All of the data that follows is to be written out exactly, with images excluded.

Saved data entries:
□ □ □
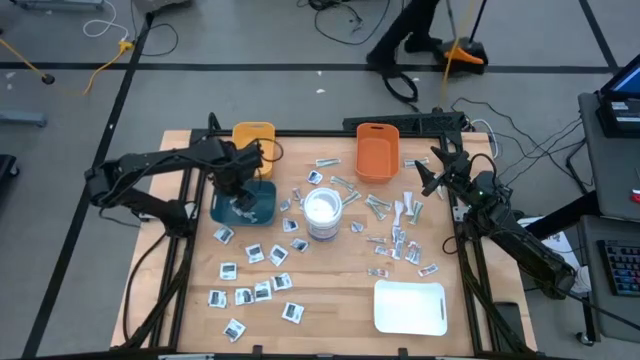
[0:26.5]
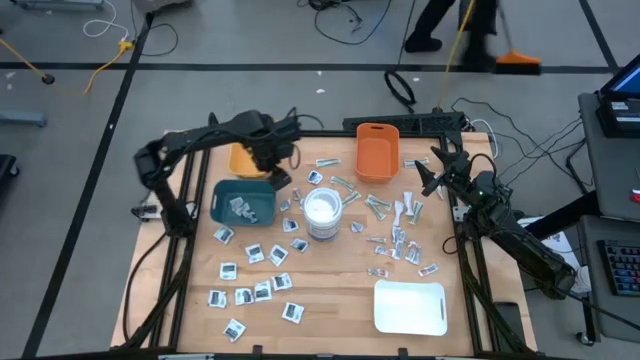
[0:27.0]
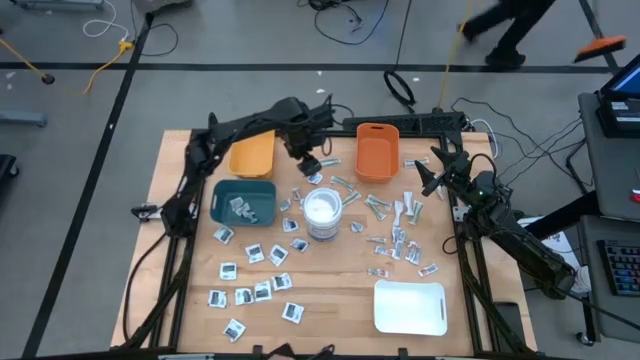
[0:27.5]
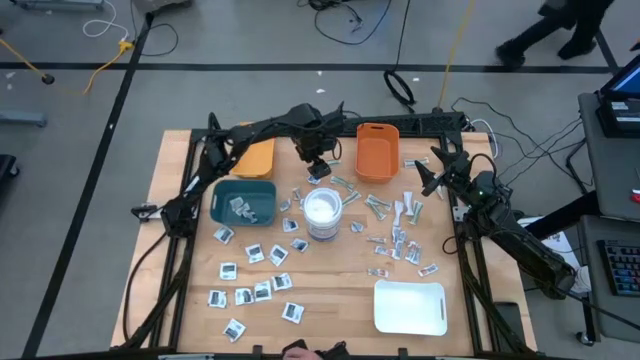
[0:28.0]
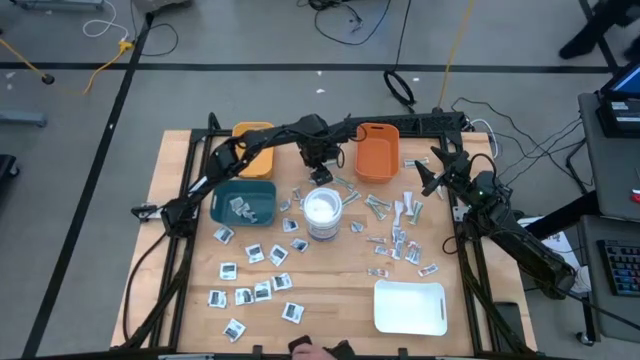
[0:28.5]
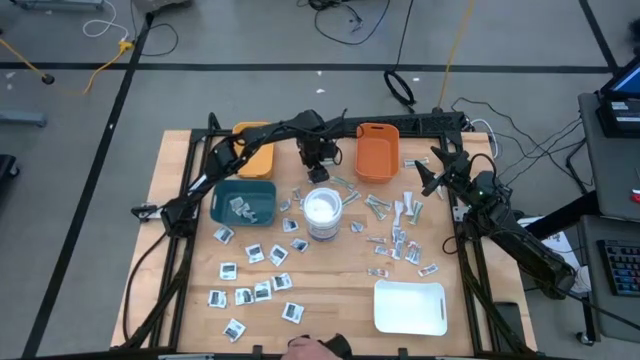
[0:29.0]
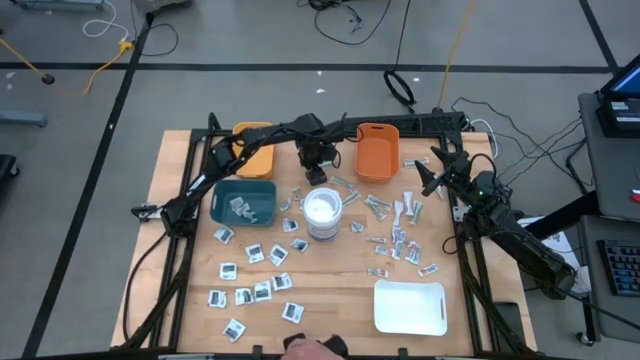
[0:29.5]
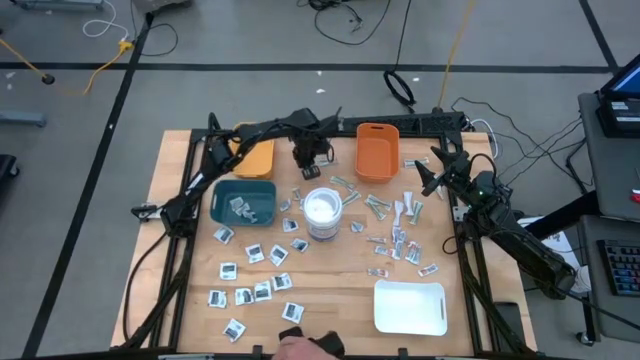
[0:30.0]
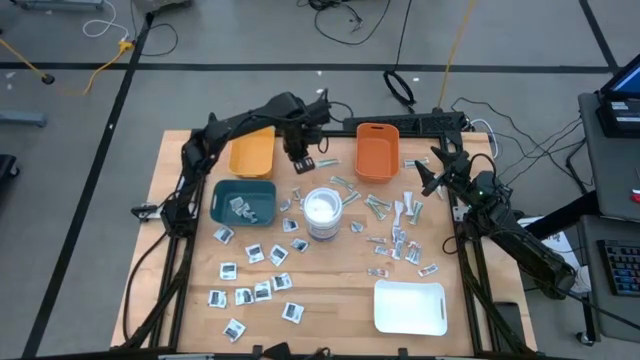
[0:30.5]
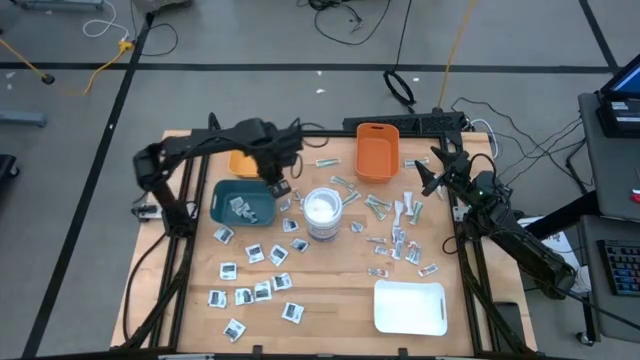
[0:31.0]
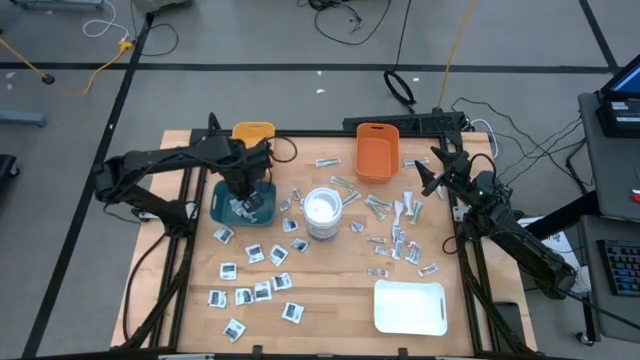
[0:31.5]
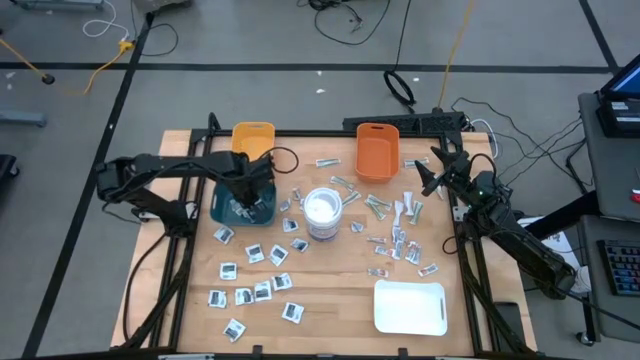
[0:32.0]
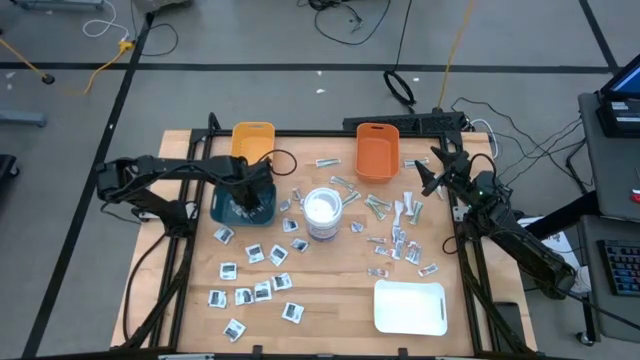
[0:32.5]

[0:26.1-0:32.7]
Task: Pick & Place First Aid Supplies
Put the blue pad into the blue bin
□ □ □
- EXPECTED OUTPUT
[0:26.5]
[0:27.0]
[0:27.5]
[0:28.0]
[0:28.5]
[0:29.0]
[0:29.5]
[0:30.0]
[0:30.5]
[0:31.0]
[0:31.5]
[0:32.0]
[0:32.5]

[0:26.1-0:32.7]
Task: Pick & Place First Aid Supplies
Put the blue pad into the blue bin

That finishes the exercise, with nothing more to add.